Retirement income of $79,000 sounds big. It is certainly a decent amount. However, this puts a person in a high marginal tax bracket, so the amount that is left over for living expenses after the CRA takes its cut is much smaller.
In addition, life isn’t getting any cheaper for retirees. The CRA increases CPP and OAS, according to changes in the Consumer Price Index (CPI). Unfortunately, this hardly seems to be enough to keep up with rising costs many people face.
The CRA taxes most forms of retirement income. The CPP and OAS pensions are taxed. So are company pensions, RRSP withdrawals, and payments from RRIFs. Seniors received a bit of relief this year with a 25% drop in the minimum RRIF withdrawal requirement, but that’s likely to be a one-off adjustment.
On top of this, earnings from a part-time job get added to the net world income calculation. People are encourages to diversify their retirement-income streams, but they risk a double hit by the CRA. The extra income can push you into a higher tax bracket and also trigger the OAS clawback.
TFSA to the rescue
Fortunately, retirees can earn tax-free income inside a TFSA that remains beyond the reach of the CRA and isn’t used to determine potential OAS recovery taxes.
In 2020, the maximum TFSA contribution space is $69,500 per person. This gives a retired couple as much as $139,000 in investment room right now to generate an income stream that sits beyond the reach of the CRA’s OAS clawback.
GIC returns are terrible these days, so many pensioners are buying dividend stocks to take advantage of attractive yields. Owning stocks carries risk, as the share prices might fall below your purchase price. However, the yields investors can now get from top-quality Canadian dividend stocks help offset the added risk.

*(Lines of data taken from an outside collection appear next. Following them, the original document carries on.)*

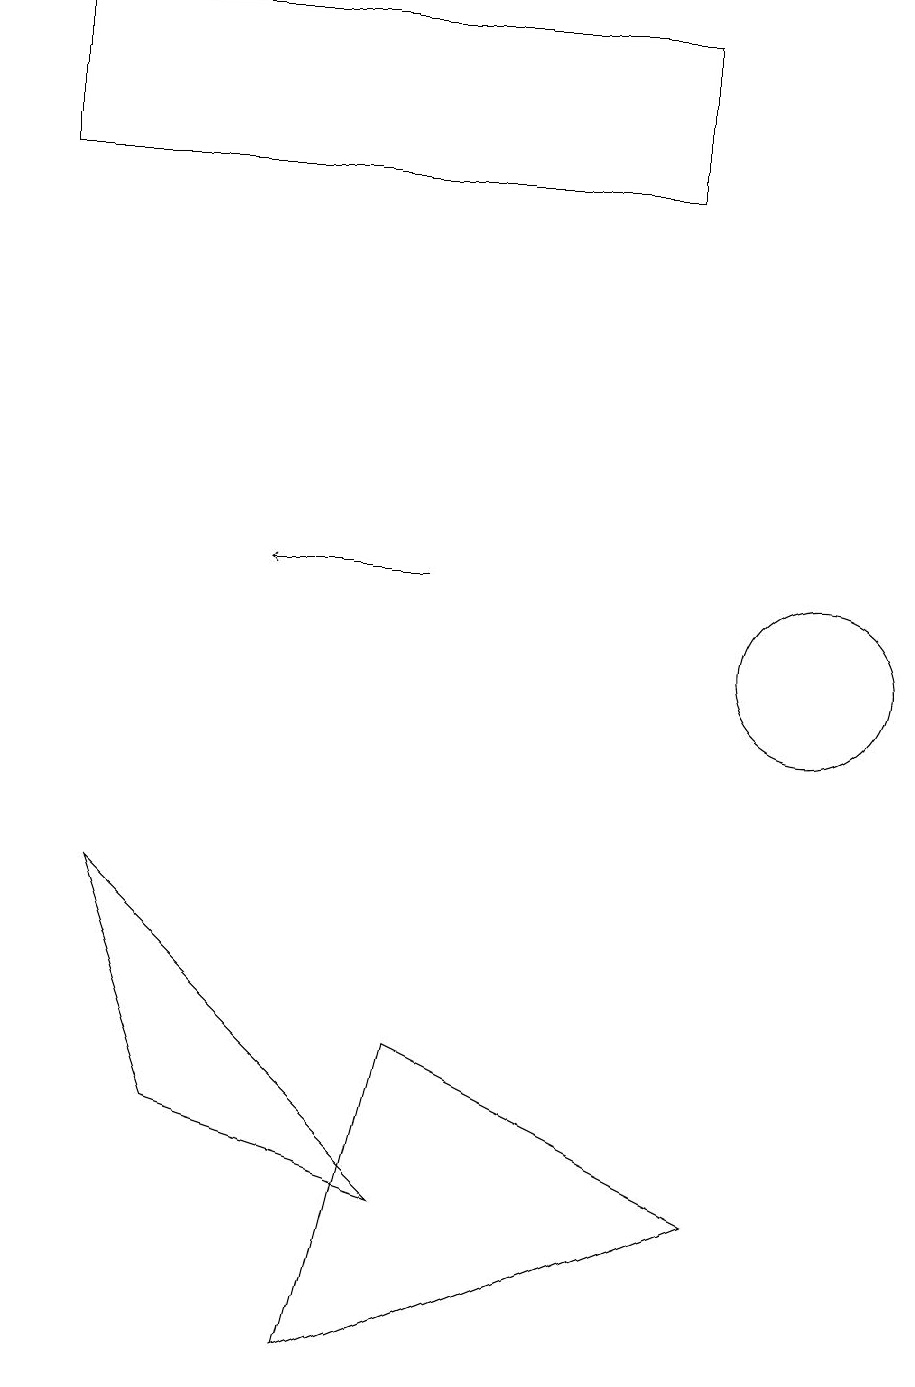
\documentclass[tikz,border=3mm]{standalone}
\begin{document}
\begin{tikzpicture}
\draw (8,16) rectangle (0,18);
\draw (10,10) circle (1);
\draw (4,1) -- (5,5) -- (9,3) -- cycle;
\draw (5,3) -- (1,7) -- (2,4) -- cycle;
\draw[->] (5,11) -- (3,11);
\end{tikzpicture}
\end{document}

Best stocks for TFSA income
Companies with long track records of paying steady or rising dividends through tough times deserve to be on your radar.

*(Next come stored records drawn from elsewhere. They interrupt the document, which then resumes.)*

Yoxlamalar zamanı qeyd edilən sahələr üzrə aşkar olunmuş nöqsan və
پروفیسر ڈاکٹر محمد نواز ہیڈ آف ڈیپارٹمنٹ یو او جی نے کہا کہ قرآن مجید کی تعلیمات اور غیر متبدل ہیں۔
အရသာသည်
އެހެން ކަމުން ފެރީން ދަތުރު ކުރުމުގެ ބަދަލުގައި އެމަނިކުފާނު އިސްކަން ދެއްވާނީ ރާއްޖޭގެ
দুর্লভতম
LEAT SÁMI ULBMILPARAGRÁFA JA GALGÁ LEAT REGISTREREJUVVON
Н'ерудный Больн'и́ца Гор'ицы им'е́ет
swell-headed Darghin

TD Bank (TSX:TD)(NYSE:TD) would be a good example. The company remains very profitable in the current environment, and the dividend should be rock solid. Investors who buy TD stock today can pick up a 5.25% yield.
The bank has survived every major financial crisis in the past century and will get through the pandemic. In fact, buying TD during market corrections has proven to be a rewarding long-term investing strategy.
The bottom line
A balanced TFSA portfolio is always recommended, and the TSX Index is home to many top dividend stocks that trade at attractive prices right now and provide great yields.
Getting an average yield of 5% from some of Canada’s best dividend stocks is possible today. This would provide a retired couple with $6,950 per year in tax-free dividend income that wouldn’t bump them into higher tax brackets or put OAS pensions at risk of a CRA clawback.
That’s an extra $579 per month!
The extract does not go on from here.